“这哪里是灵堂,分明是深闺小姐的闺房。”李景华感叹道。
“想来是那刘老爷对其儿女宠溺之极,才有此布置。”谢原山说着,却被妆台上的一本手札所吸引。
拿起手札,只见下方压着一条丝绢,隐约见着上面撰写着几行小字。映着烛光,勉强见其上书:
寂寞深闺,柔肠一寸愁千缕。
惜春春去。
几点催花雨。
倚遍阑干,只是无情绪。
人何处。
连天衰草,望断归来路。
农历三月望前三日,寂夜倚长亭,月圆如璧意,思檀郎天涯何处,遂掩面泣书。
落款:刘晴薇
“这刘家大小姐还是个才女!”李景华看着丝绢上的诗,不由发出赞叹。
“这是宋朝李易安的词,并非刘小姐所着。”谢原山无奈的说道,又仔细看了看丝绢,虽然他对这些伤情叹悲的诗词并不太感兴趣,然而对刘小姐的这一手小楷却是颇为欣赏。
“那这里面写的是什么?”李景华拿起放在一旁的手札翻开。
谢原山见状急忙阻止道:“老三,这是人家刘小姐的隐私,我等不便观看。”
“哎呀,看看又不会宣扬出去,况且万一里面有什么线索呢?”李景华边翻看着边说道,里面写的基本上是平日里的一些琐事,比如昨日谁来拜访,今日又和谁一起外出踏青,基本上事无巨细,每日都有记载。
直到翻至最后,只见上头写着:“农历三月十六,朝云叆叇”便再无下文。再往后翻,皆是空白。
看来这刘小姐平日里有写日记的习惯,而三月十六日往后再无记载,应该就是那时候开始“着道”的。
“要不把棺材打开看看?”谢原山皱着眉头说道。
“啊?”李景华仿佛是没听清一样,满脸错愕的看着谢原山,“这棺材板质地精良,看似梨木所造,观其份量少说也有八百来斤,咱俩恐怕是搬不动吧。”

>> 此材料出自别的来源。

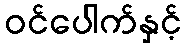
ဝင်ပေါက်နှင့်
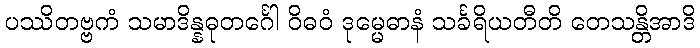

其实谢原山也只是随口说说而已,虽然按刘老爷的描述来看,应该是被某种邪术所害死的,但是开棺验尸这等大事,若不经过其主家的同意,恐怕会引起一些不必要的麻烦。
“那还是等....”谢原山话还没说完,便闻墙角传来“啪”的一声,顿时将二人吓的一惊,回头看去,只见一青瓷花瓶被从茶几上打碎在地。
“何人?”李景华盯着墙角处一声质问,只是声音有些颤抖,因为那角落并无甚遮挡,仅一方茶几而已,实在是不像能藏人的地方,这声质问,着实有些自欺欺人了。